Plus, a test of AI translation
Issue 88
On today’s quest:
— Authors: Find your books in the Anthropic settlement database
— LLMs do a so-so job at round-trip translation
— AI video is now indistinguishable from real life
— AI Sidequest: The podcast
— LLMs love their own writing
— Examples of AI quality control from Amazon
The official database is now online for books that qualify for a payout in the Anthropic copyright settlement case. Be sure to try different spellings of your name and book titles to make sure you catch entries that could have small errors.
LLMs do a so-so job at round-trip translation
Lech Mazur of Advamag ran a “round trip” translation test going from English to another language and then back to English. He tested 8 models across 10 languages for 200 different types of writing (e.g., etymology column, school trip FAQ, alt text, piano lesson plan).
There were some variations between languages, but ChatGPT with medium reasoning generally came out on top. The average score across all models for all languages was 8.4 or greater, except for Swahili, which was ~7.6. For reference, this is how he defined a score of 7 and 9:
9.0: tiny phrasing differences only; full fidelity
7.0: generally faithful but some nuance loss or mild shifts
Mazur also provides detailed failure reports, which catalog what the models did wrong. These reports make the output sound less impressive than the numerical scores to me (example report for ChatGPT-5: Spanish).

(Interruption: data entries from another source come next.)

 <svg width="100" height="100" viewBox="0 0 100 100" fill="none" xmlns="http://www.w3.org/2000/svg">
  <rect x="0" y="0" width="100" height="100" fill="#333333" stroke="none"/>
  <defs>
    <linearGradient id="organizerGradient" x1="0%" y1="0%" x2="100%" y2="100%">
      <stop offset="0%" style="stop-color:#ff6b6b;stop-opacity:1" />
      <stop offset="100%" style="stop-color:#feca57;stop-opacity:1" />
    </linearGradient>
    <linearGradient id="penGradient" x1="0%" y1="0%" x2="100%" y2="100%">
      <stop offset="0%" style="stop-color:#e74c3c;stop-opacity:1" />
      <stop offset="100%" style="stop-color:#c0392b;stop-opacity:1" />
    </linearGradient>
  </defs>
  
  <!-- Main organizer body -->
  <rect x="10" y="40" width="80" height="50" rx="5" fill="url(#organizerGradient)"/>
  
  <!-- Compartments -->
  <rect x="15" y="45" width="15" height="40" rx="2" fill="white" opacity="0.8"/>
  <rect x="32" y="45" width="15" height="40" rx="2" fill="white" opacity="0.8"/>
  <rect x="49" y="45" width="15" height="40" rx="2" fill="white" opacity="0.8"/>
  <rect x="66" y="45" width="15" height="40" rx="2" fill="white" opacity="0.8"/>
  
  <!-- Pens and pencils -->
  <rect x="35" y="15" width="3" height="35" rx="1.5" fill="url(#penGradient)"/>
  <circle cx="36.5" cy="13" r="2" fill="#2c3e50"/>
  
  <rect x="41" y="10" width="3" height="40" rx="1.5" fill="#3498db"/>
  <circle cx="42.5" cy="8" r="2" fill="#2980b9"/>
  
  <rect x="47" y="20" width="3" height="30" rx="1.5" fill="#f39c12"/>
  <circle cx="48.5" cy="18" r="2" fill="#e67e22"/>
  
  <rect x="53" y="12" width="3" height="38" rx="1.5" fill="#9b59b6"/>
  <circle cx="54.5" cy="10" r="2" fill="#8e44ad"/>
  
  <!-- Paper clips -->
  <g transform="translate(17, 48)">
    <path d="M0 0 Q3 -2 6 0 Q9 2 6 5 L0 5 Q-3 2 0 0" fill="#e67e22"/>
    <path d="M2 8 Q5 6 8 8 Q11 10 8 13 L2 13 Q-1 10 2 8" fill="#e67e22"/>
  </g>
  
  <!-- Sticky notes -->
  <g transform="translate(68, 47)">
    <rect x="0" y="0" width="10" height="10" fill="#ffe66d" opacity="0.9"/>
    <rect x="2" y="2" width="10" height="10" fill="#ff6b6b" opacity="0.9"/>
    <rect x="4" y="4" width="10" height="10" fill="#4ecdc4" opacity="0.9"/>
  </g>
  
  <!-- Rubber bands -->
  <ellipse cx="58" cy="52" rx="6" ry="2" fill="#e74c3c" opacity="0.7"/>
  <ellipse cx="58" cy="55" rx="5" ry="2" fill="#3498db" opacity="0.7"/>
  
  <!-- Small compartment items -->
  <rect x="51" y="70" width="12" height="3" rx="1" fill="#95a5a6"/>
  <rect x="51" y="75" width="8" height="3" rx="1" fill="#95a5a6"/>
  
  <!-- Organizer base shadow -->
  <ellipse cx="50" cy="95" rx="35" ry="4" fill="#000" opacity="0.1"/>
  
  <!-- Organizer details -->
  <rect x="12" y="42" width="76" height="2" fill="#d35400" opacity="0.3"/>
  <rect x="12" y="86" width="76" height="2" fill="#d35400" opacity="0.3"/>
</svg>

AI video is now indistinguishable from real life
I’ve been worried for a while about AI video and the problems it’s going to cause with people’s perception of reality, and after seeing this AI-generated “behind-the-scenes” video of KPOP Demon Hunters a couple of weeks ago, I felt like we had crossed the Rubicon. Seen out of context, I never would have suspected it was AI. I would have thought it was just some fun teens on set for a movie I didn’t recognize.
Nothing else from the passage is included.